If ZAO company does not meet the compliance requirements, resulting in an information revelation, for example, a theft of non-desensitized information, the company and the directly responsible person will face a serious legal punishment and if infringing user’s civil rights, pay compensation to them.
Article 29 of the Consumer Protection Law states that businesses should take technical and other necessary measures to ensure information security and prevent the revelation and loss of personal information of consumers and take immediate action to remedy any actual or possible information revelation or loss. There are related administrative punishment rules made by the Ministry of Industry and Communication and the Ministry of Public Security. ZAO company could face administrative penalty if it causes a revelation of personal information of its users.
In aggravated cases of personal information revelation ZAO company could face criminal penalty. Article 286 of the Criminal Law states that online service providers who do not fulfill their duty of administering information and network security under relevant laws and administrative rules and do not take corrective action as required by the regulatory department, causing user information revelation with serious outcome should be sentenced to less than three years’ imprisonment, detainment or regulation and/or pay a penalty.
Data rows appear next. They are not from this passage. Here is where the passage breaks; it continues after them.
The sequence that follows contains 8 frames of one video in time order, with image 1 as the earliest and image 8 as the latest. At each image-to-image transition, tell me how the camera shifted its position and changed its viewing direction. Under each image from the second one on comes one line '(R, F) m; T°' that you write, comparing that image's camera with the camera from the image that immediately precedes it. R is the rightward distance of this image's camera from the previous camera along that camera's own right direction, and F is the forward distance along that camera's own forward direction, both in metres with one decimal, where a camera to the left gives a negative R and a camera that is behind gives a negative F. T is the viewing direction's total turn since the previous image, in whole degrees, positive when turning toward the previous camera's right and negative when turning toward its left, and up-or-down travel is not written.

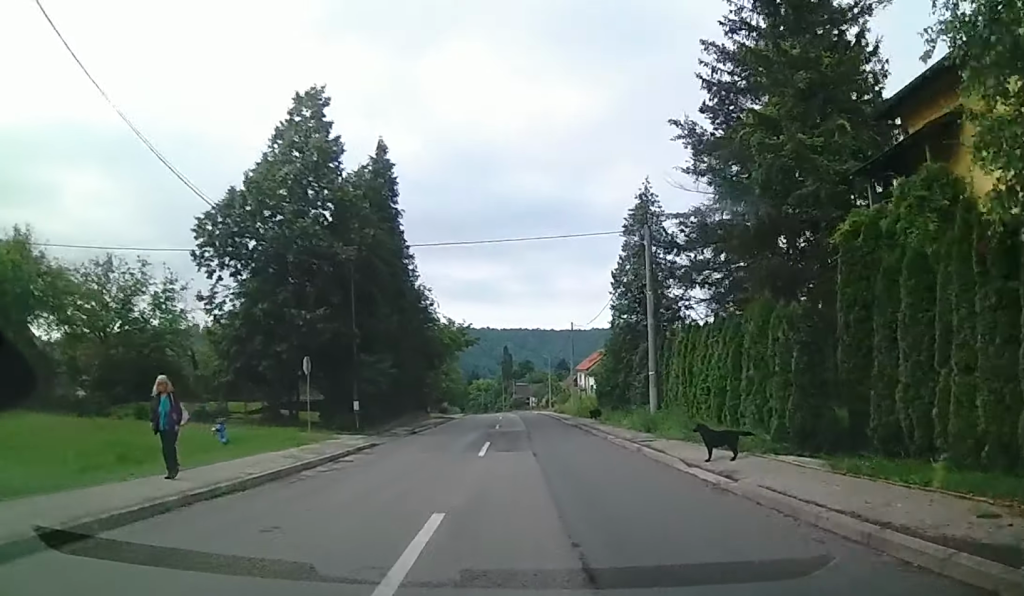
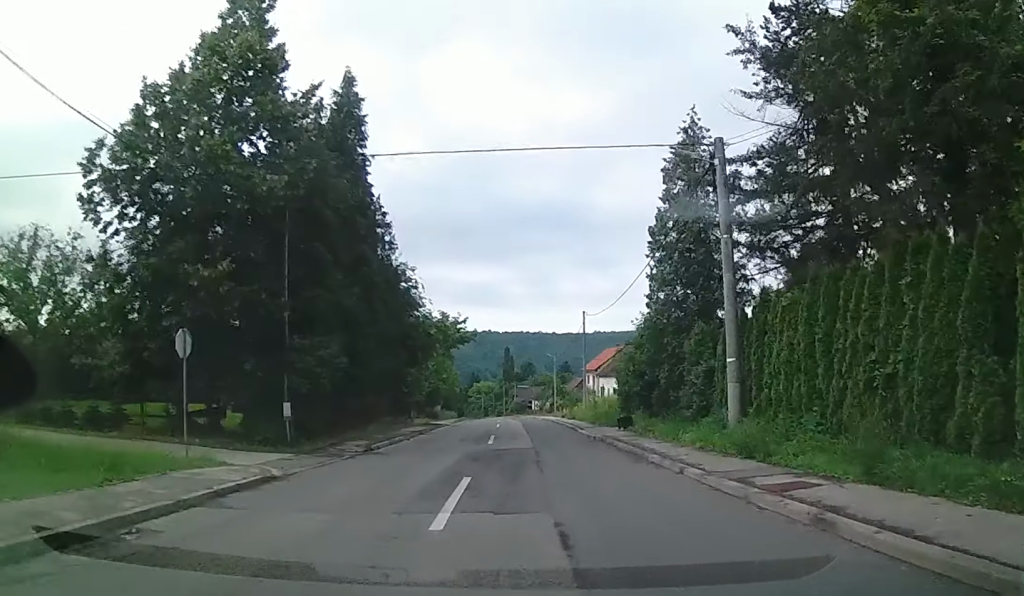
(+0.2, +9.2) m; +1°
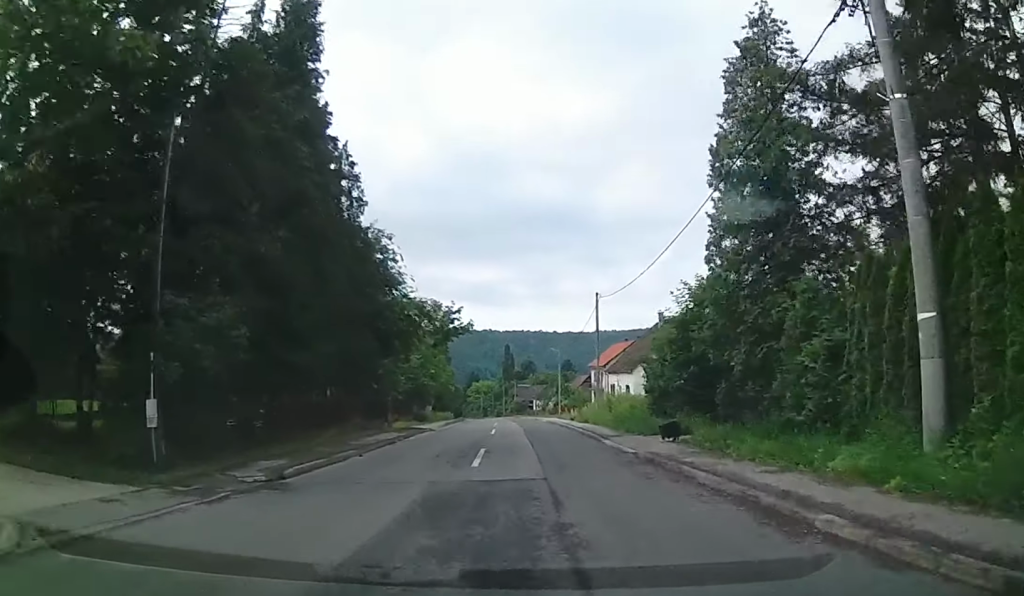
(+0.2, +8.1) m; 0°
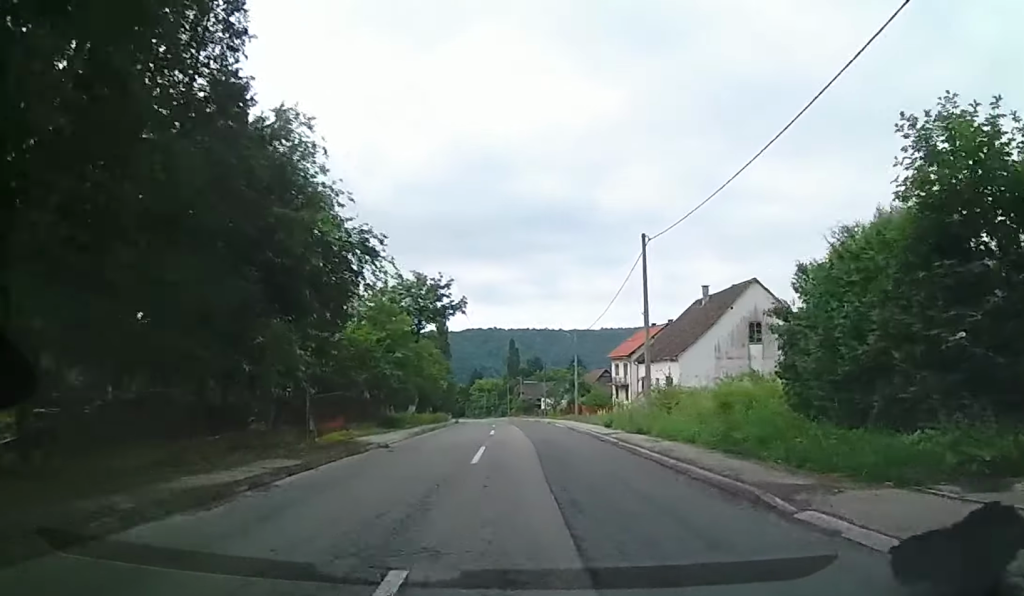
(-0.3, +14.7) m; -1°
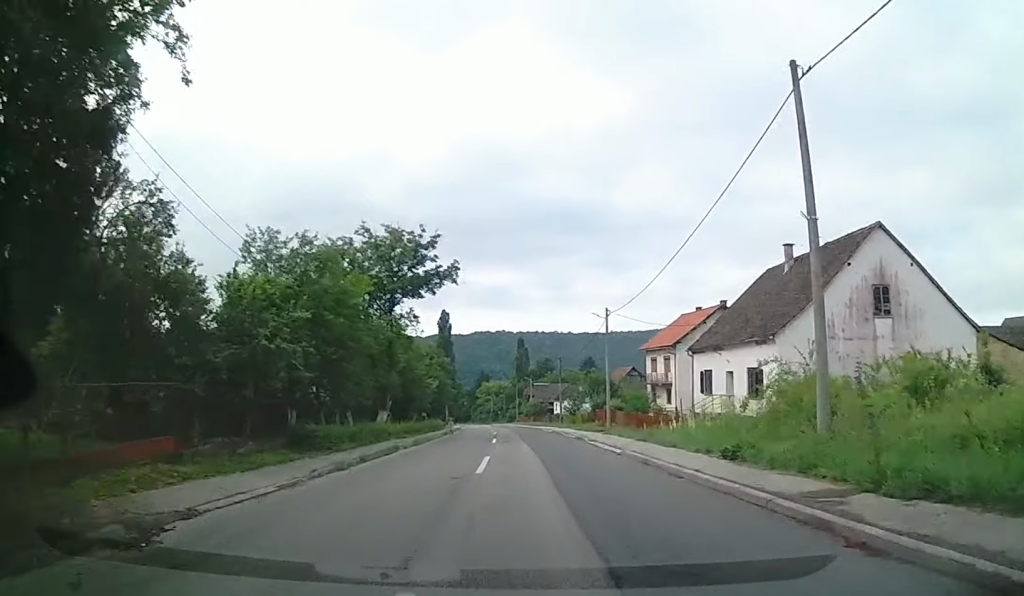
(0.0, +15.0) m; 0°
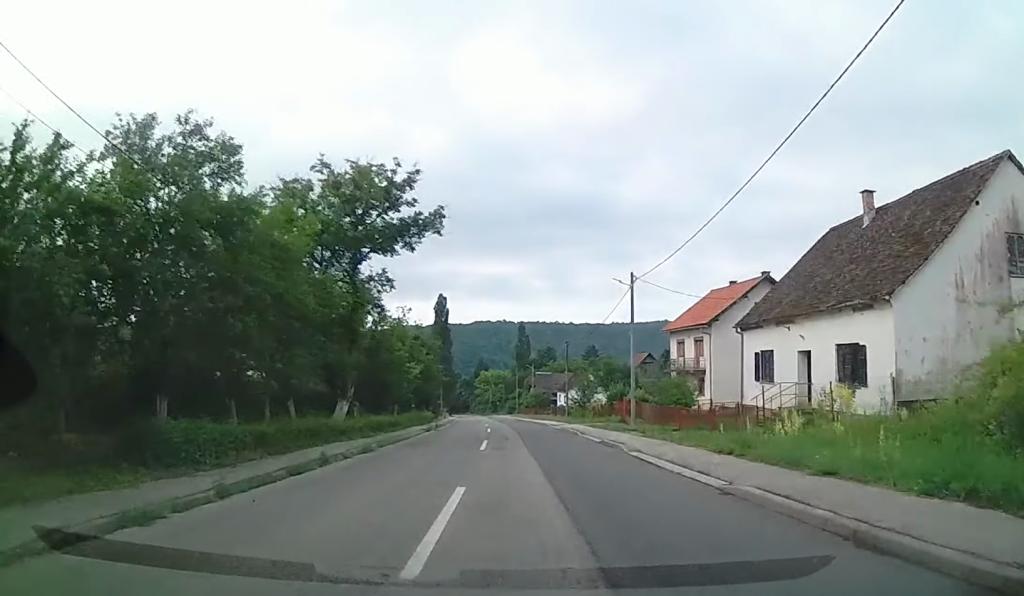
(0.0, +8.9) m; -1°
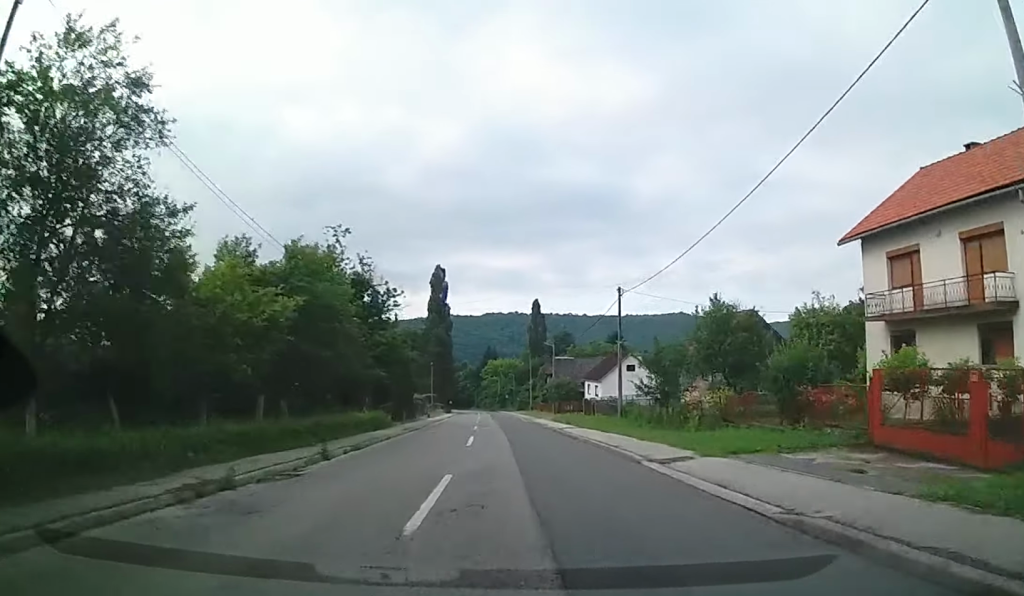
(-0.5, +28.0) m; -1°
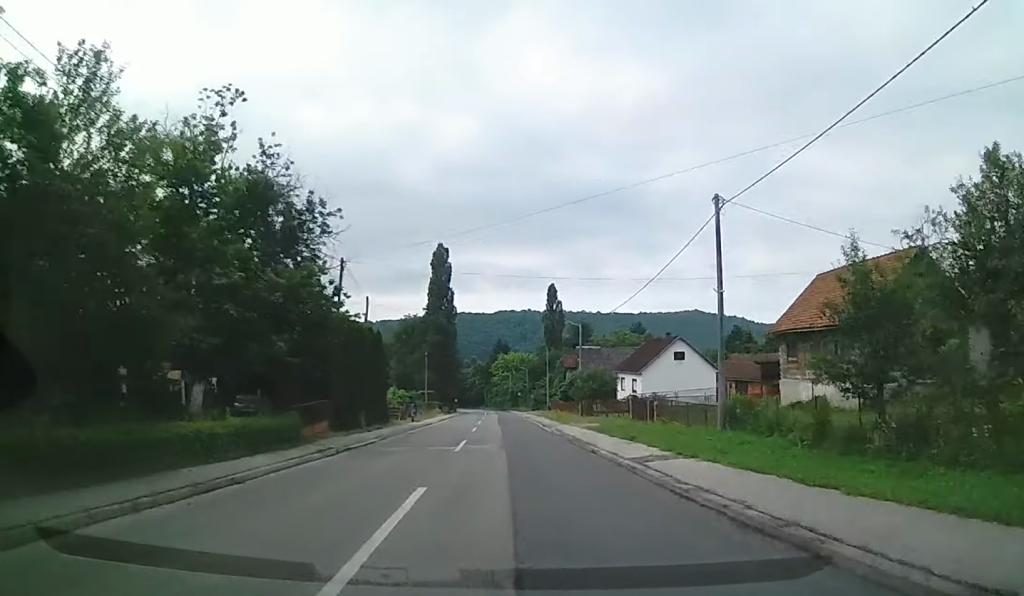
(-0.1, +17.7) m; -2°

There is no need for alarm among users who have uploaded information by ZAO app. In case of information revelation, is not very likely, if not impossible, to steal money by scanning a face image. Platforms like unionpay, alipay and wechat take preventive technical measures.
In this case not all criticisms from the public are reasonable but ZAO company did not have a complete set of data protection rules and were thoughtless about its problems. Portrait rights contain personal attributes with high sensitivity. ZAO company’s “unfair clauses” relating to such rights are actually easy to upset users and need to be reconsidered.